Access Transparency: Logs of Google staff accessing your data (for compliance audits)
Assured Workloads: Preconfigured compliance environments for FedRAMP, HIPAA, CJIS, etc.

1.2 Defining Technical Requirements

High Availability Design Patterns

HA is a core PCA topic. You must understand the availability implications of different deployment topologies.

Pattern	Availability Target	Description	Example
Single zone	~99.9%	One zone, one region	Dev/test environments
Multi-zone (within a region)	~99.99%	Resources spread across 3 zones in one region	Regional MIG behind a regional load balancer
Multi-region	~99.999%	Resources in 2+ regions with global load balancing	Global HTTP(S) LB with backend services in us-central1 and europe-west1
Hybrid/multi-cloud	Varies	Workloads across on-premises and GCP or multiple clouds	Anthos, GKE Enterprise

Exam trap: Multi-zone is NOT the same as multi-region. A regional MIG spans multiple zones within a single region, giving you zone-level resilience. For region-level failures (extremely rare but testable), you need multi-region deployment with global load balancing.

Load Balancer Selection Guide

The PCA exam heavily tests load balancer selection. You must match the scenario to the correct load balancer type.
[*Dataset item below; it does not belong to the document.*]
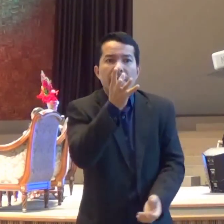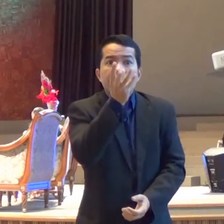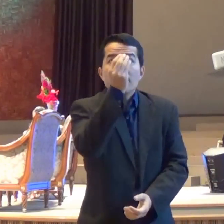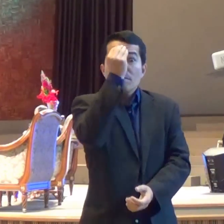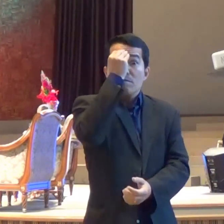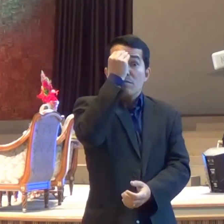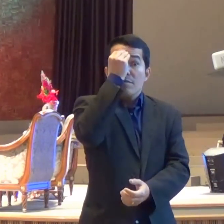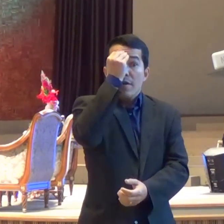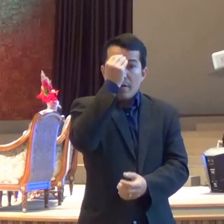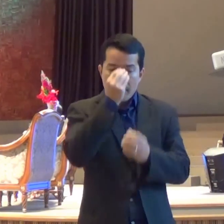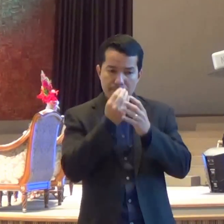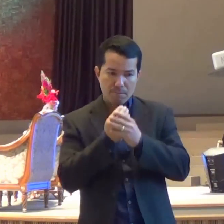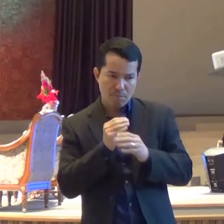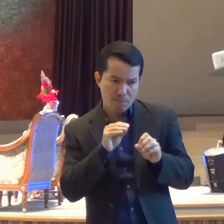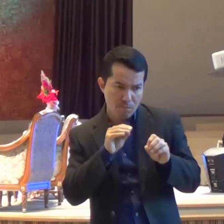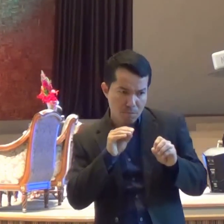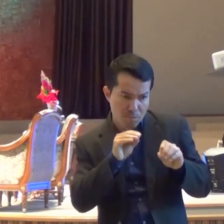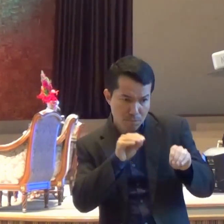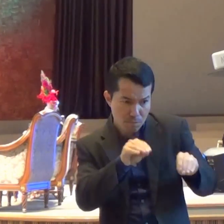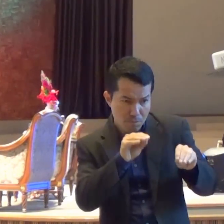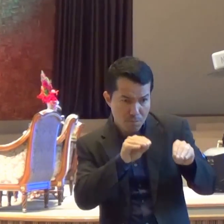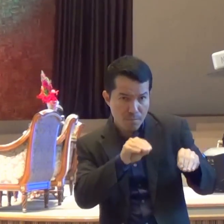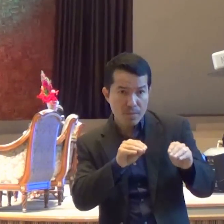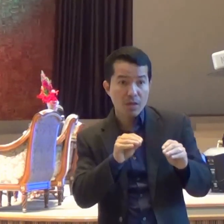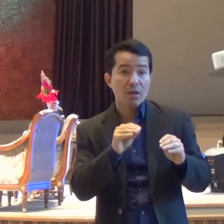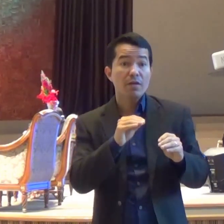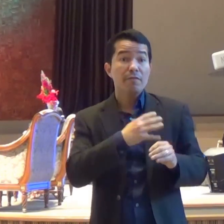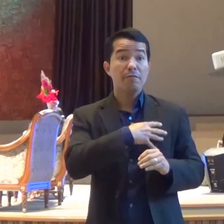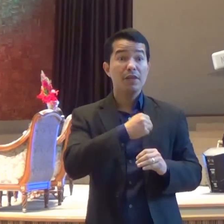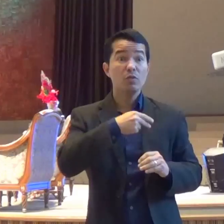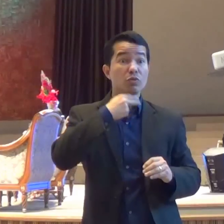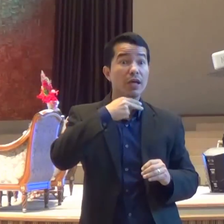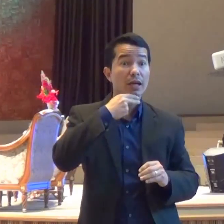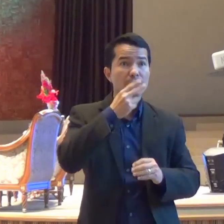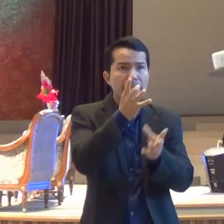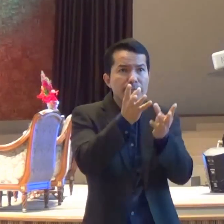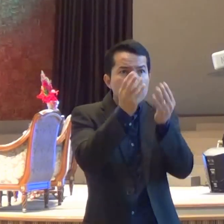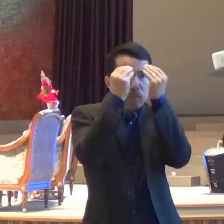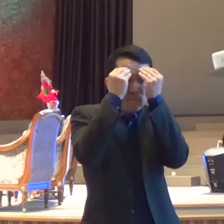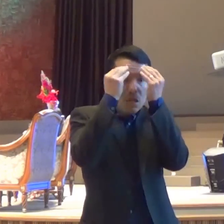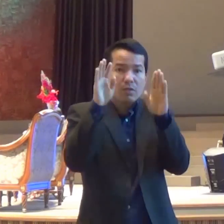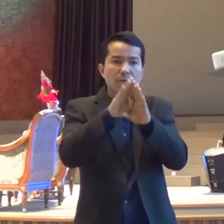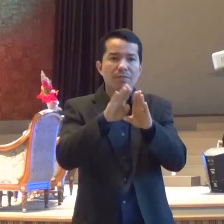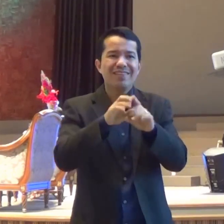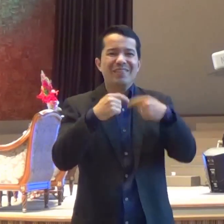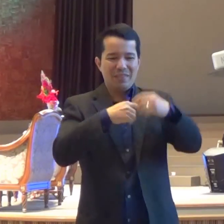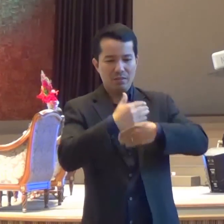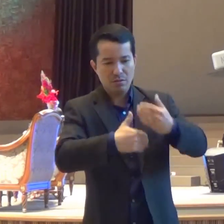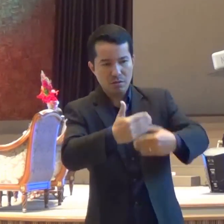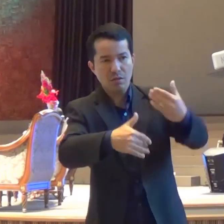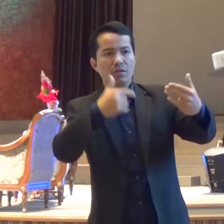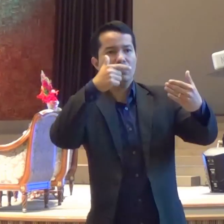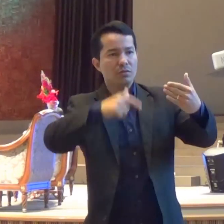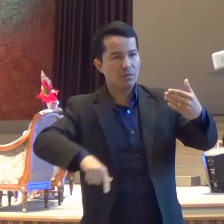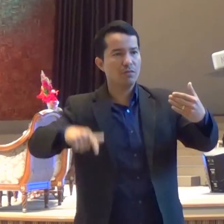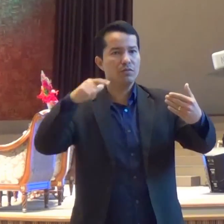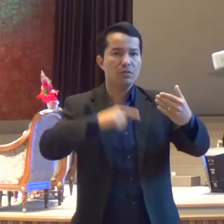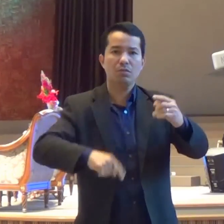cerimônia que eram repetidas e que provocavam as perguntas Por que a gente faz isso?

Load Balancer	Layer	Scope	Traffic Type	Key Feature
Global External Application LB	7	Global	HTTP/HTTPS	Anycast IP, Cloud CDN, Cloud Armor, URL maps, traffic splitting
Regional External Application LB	7	Regional	HTTP/HTTPS	Single region; Envoy-based; advanced traffic management
Regional Internal Application LB	7	Regional	HTTP/HTTPS	Internal clients only; microservices traffic routing
Cross-Region Internal Application LB	7	Global	HTTP/HTTPS	Internal clients across multiple regions
Global External Proxy Network LB	4	Global	TCP with optional SSL offload	Non-HTTP TCP traffic needing global reach (e.g., gaming, IoT)
Regional External Passthrough Network LB	4	Regional	TCP/UDP/ESP/GRE/ICMP	Preserves client source IP; direct server return; highest performance
Regional Internal Passthrough Network LB	4	Regional	TCP/UDP	Internal TCP/UDP load balancing (e.g., internal database tier)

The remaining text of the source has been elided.